### TASK DIRECTIONS
Please output every record below exactly as written, leaving out any pictures.

..........

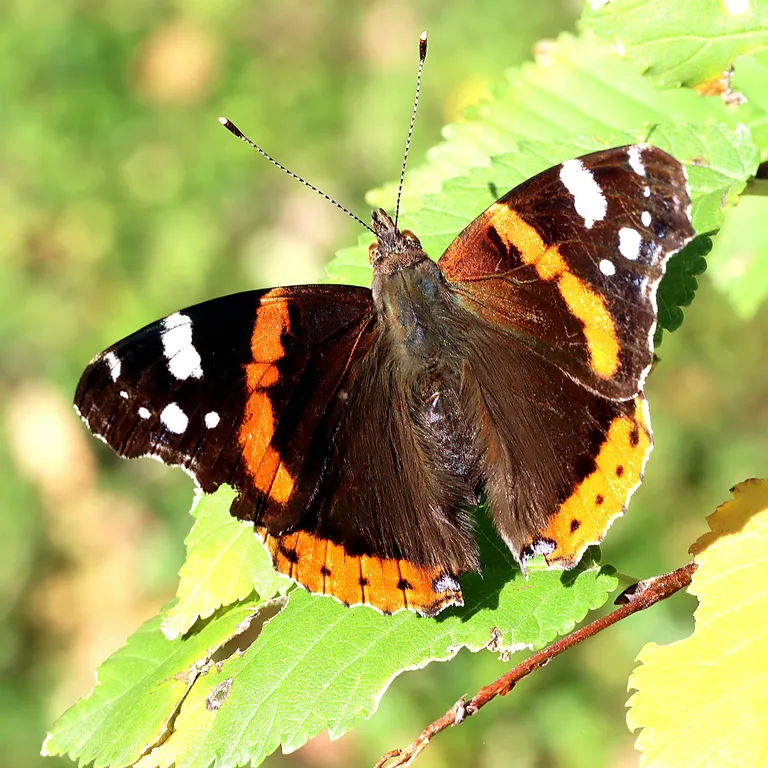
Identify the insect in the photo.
Vanessa atalanta
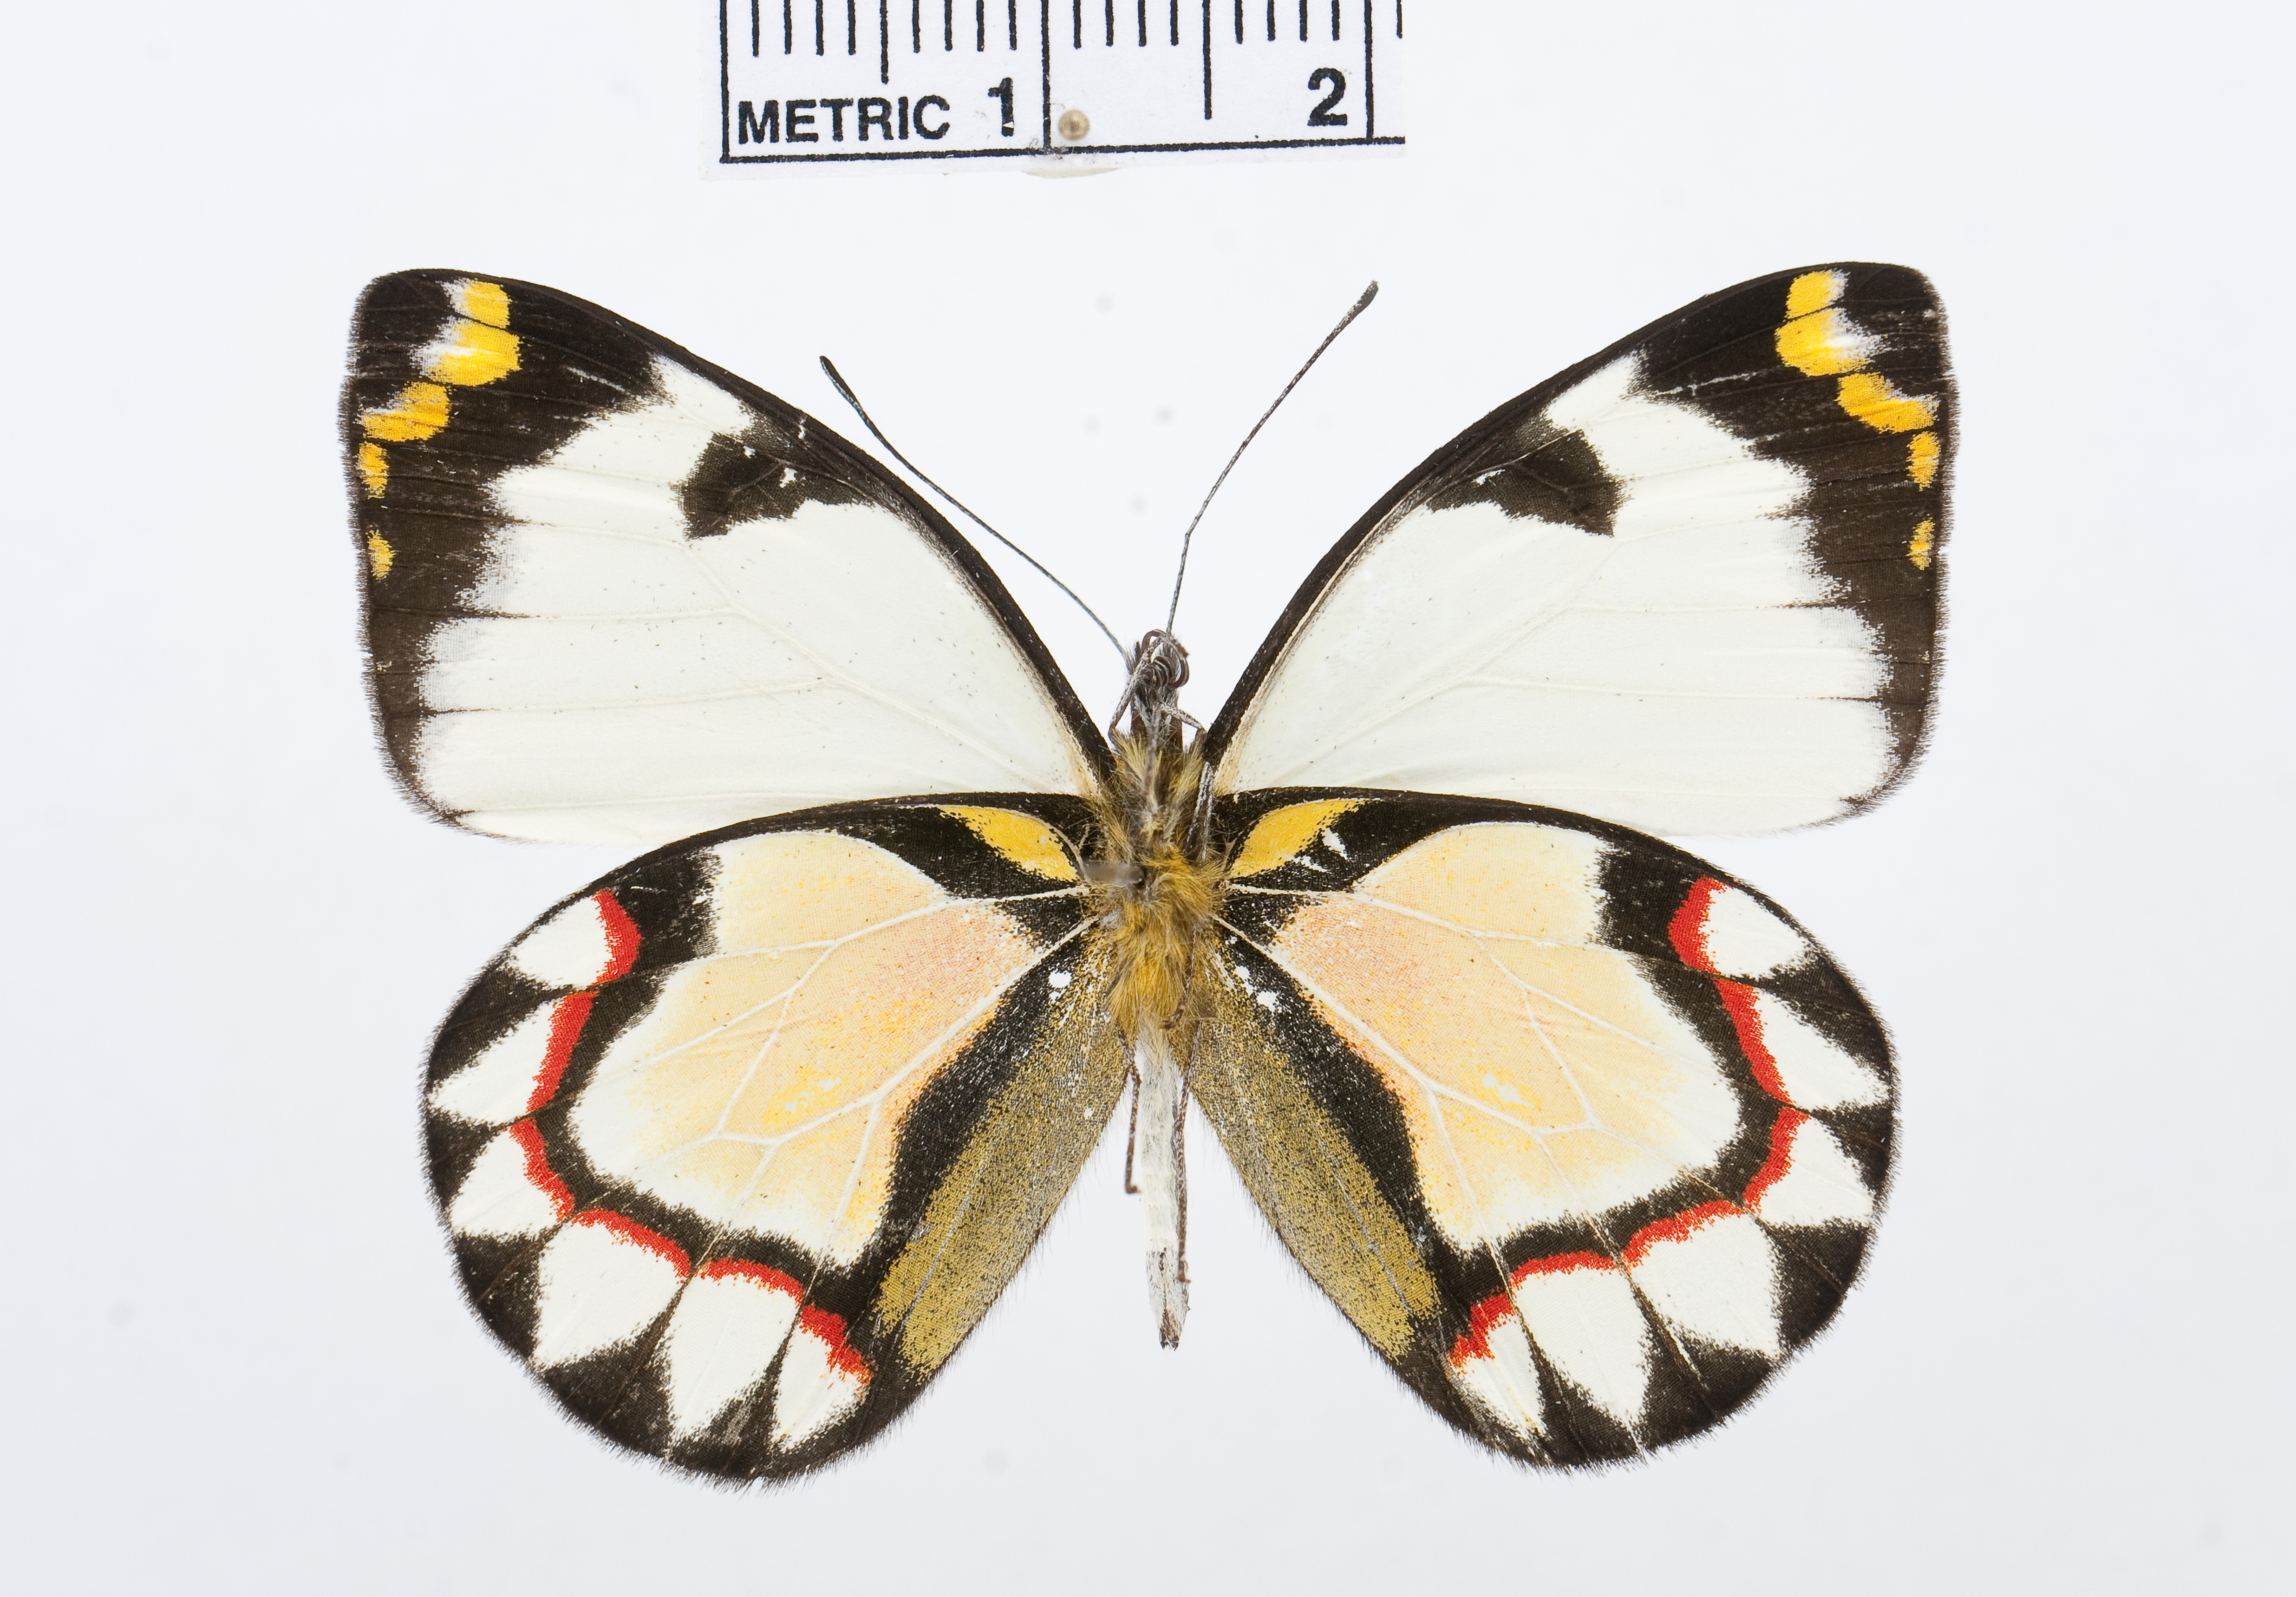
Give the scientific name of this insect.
Delias iltis
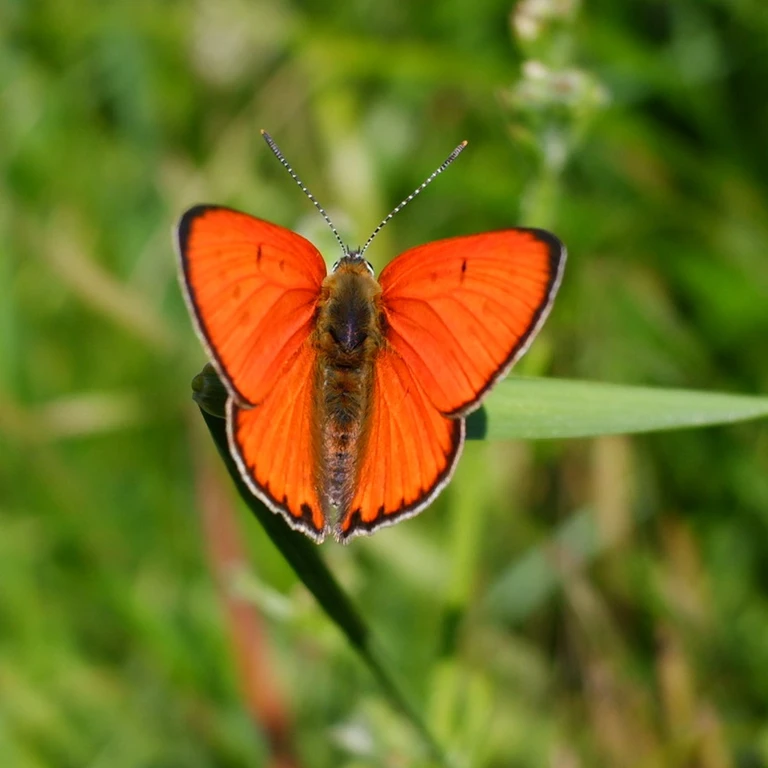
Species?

..........

### YOUR SOLUTION
Identify the insect in the photo.
Vanessa atalanta
Give the scientific name of this insect.
Delias iltis
Species?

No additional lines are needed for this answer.